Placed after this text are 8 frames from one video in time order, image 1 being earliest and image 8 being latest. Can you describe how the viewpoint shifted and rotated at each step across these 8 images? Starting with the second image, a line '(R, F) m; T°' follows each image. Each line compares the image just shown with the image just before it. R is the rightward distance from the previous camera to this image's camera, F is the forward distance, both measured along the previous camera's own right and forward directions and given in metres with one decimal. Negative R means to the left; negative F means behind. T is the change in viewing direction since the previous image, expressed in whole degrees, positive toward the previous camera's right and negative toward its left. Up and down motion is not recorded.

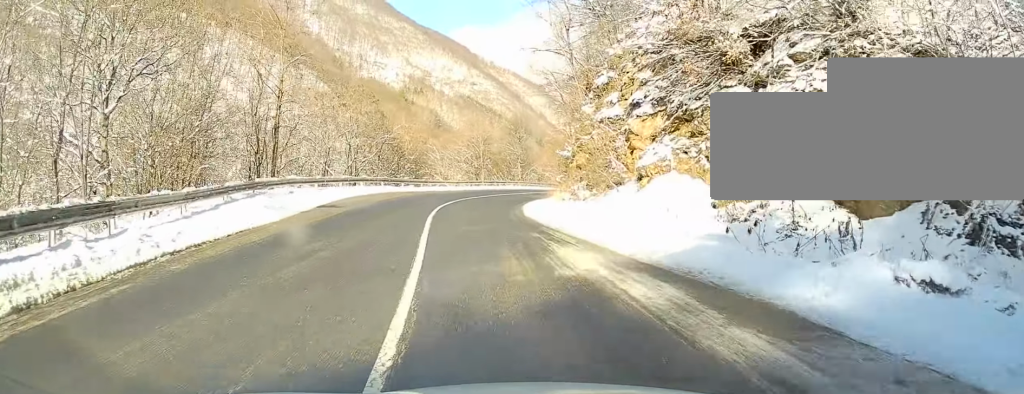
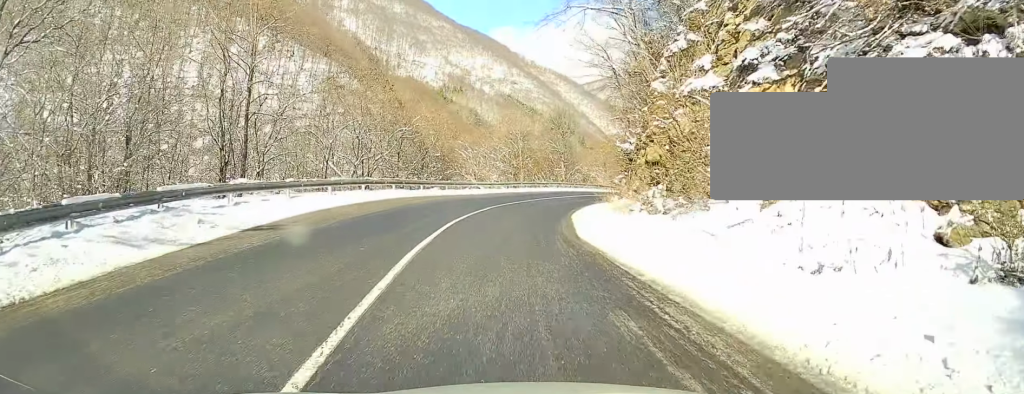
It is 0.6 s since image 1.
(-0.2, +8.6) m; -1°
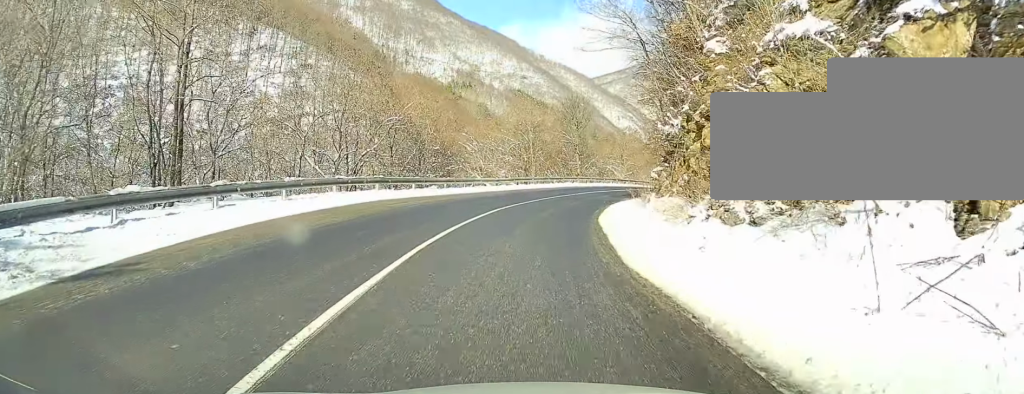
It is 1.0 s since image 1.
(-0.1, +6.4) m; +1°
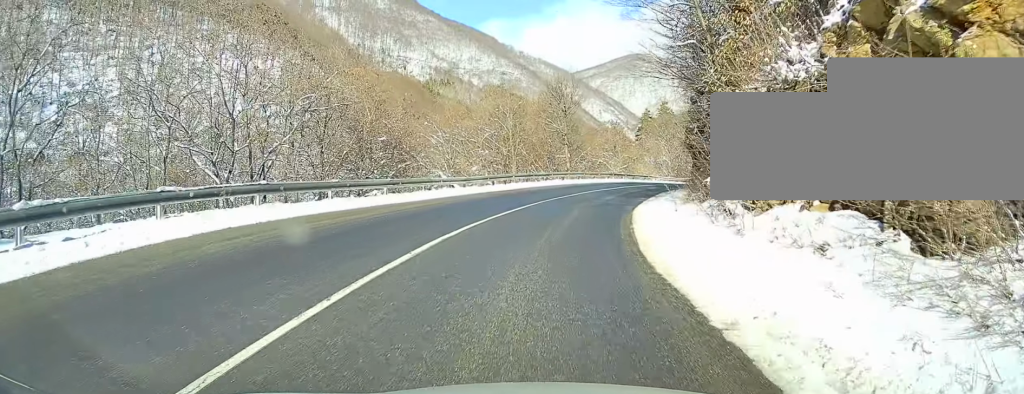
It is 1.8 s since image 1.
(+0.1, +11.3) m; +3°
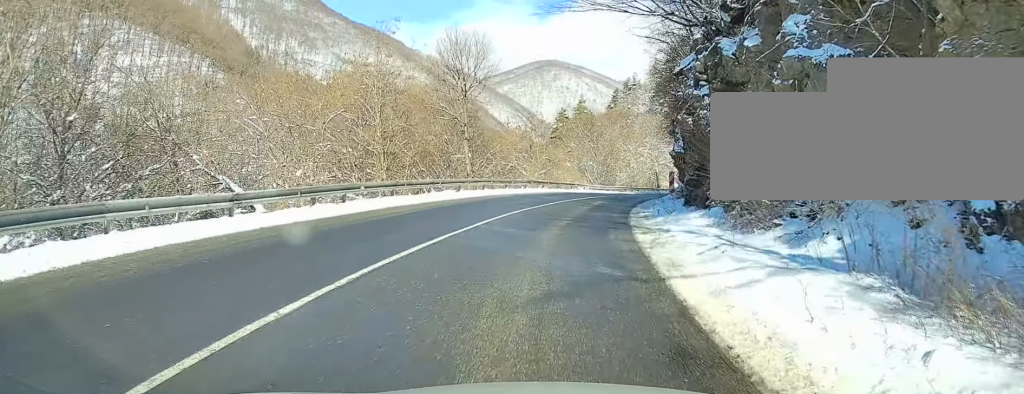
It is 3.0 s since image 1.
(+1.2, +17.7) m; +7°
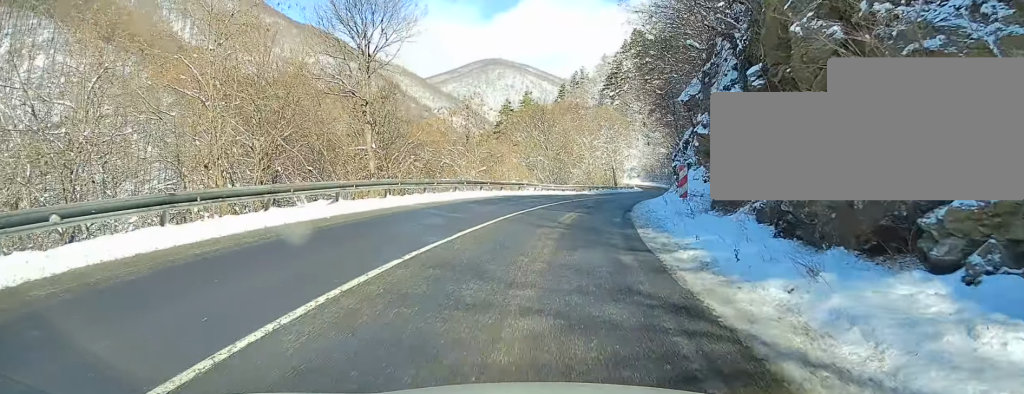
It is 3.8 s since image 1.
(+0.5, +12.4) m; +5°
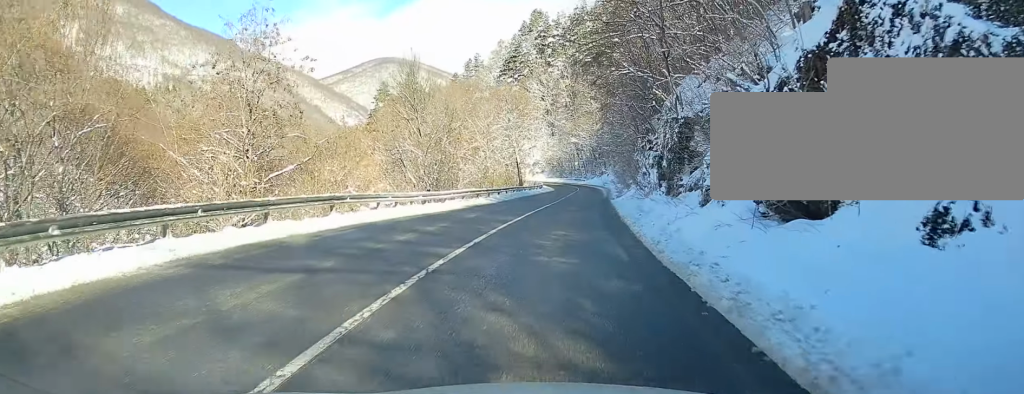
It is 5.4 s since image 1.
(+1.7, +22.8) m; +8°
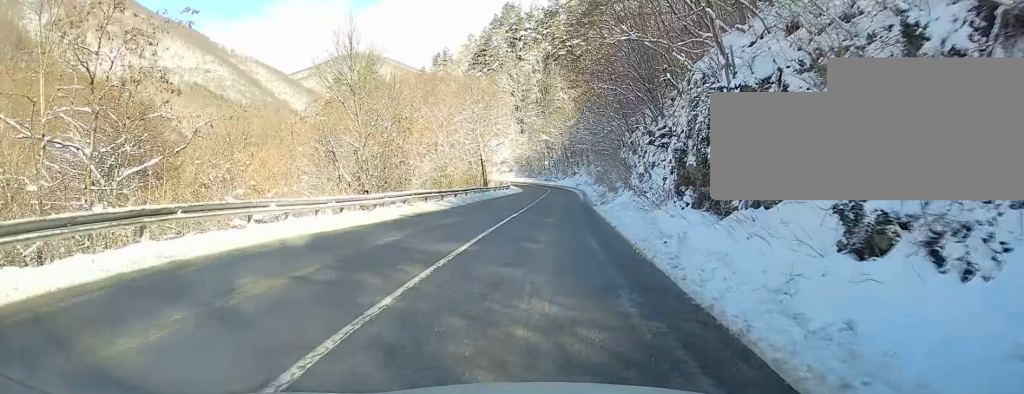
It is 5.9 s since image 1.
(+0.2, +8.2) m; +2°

■ **EXERCISE REQUIREMENTS**: Retype the data above exactly. Do not carry over any images.

■ **REPLY TO THE TASK**:
Placed after this text are 8 frames from one video in time order, image 1 being earliest and image 8 being latest. Can you describe how the viewpoint shifted and rotated at each step across these 8 images? Starting with the second image, a line '(R, F) m; T°' follows each image. Each line compares the image just shown with the image just before it. R is the rightward distance from the previous camera to this image's camera, F is the forward distance, both measured along the previous camera's own right and forward directions and given in metres with one decimal. Negative R means to the left; negative F means behind. T is the change in viewing direction since the previous image, expressed in whole degrees, positive toward the previous camera's right and negative toward its left. Up and down motion is not recorded.

It is 0.6 s since image 1.
(-0.2, +8.6) m; -1°
It is 1.0 s since image 1.
(-0.1, +6.4) m; +1°
It is 1.8 s since image 1.
(+0.1, +11.3) m; +3°
It is 3.0 s since image 1.
(+1.2, +17.7) m; +7°
It is 3.8 s since image 1.
(+0.5, +12.4) m; +5°
It is 5.4 s since image 1.
(+1.7, +22.8) m; +8°
It is 5.9 s since image 1.
(+0.2, +8.2) m; +2°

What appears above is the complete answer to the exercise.